How to use job queue in kubernetes cluster

12/26/2019

I have a Flask app where I can upload a file and call a Flask API to process that file using the Python subprocess module (which runs a Shell command).

How to make it work with Kubernetes so that file processing can work with the cluster?

Suppose, I have 2 nodes and each node can process 3 files at a time. so, if I have 10 pending processing. 6 of them will be done on the 2 nodes and 4 will be in the queue.

I have seen Kubernetes autoscaling but it seems, it will fire as many nodes as needed. If I have a fixed number of nodes and I call my Flask API multiple times, it will be out of resources.

--
kubernetes
python

1 Answer

12/27/2019

if I call this API 20 times, at the same time, all clusters will be out of resources. If all clusters can run 6 pods at a time (this number can change based on the cluster size), before reaching 90% or 100% CPU/memory usage, the remaining 14 pods will the in the queue.
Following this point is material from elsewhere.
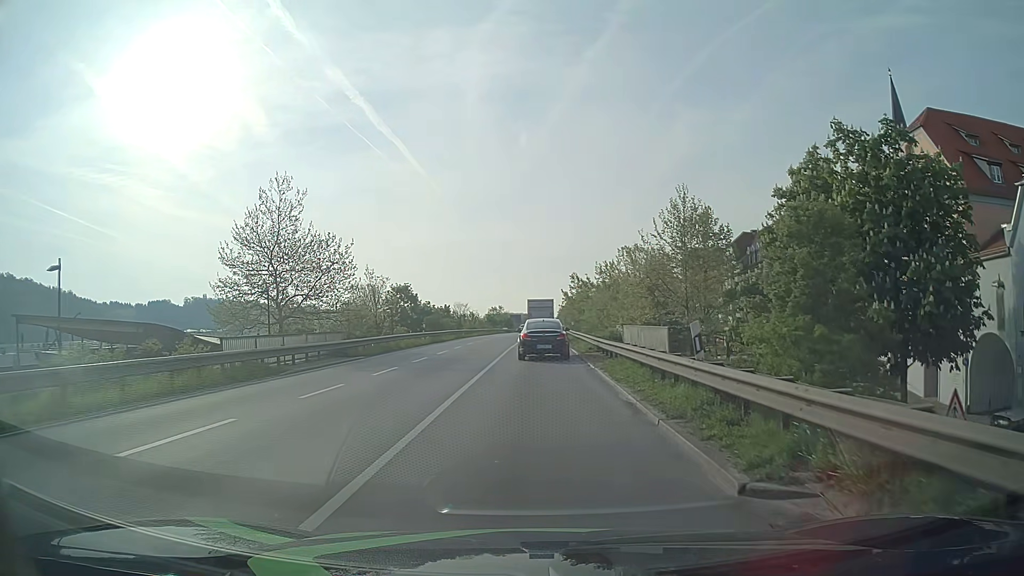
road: primary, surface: asphalt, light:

You can create Kubernetes Jobs and set the proper value for parallelism and completions e.g. parallelism: 6 to have up to 6 pods parallel of this job and completions: 20 if you have 20 items to process.

Problems

But there is several problems with using Kubernetes Jobs for this. First, there is no defined way to allocate input-files to the job-pods, so the job-pods need to have logic for that. And if you don't want to start all 20 jobs at the same time, you better should use a queue service to handle a work queue. A queue could be handled by e.g. Kafka or Nats.

-- Jonas
Source: StackOverflow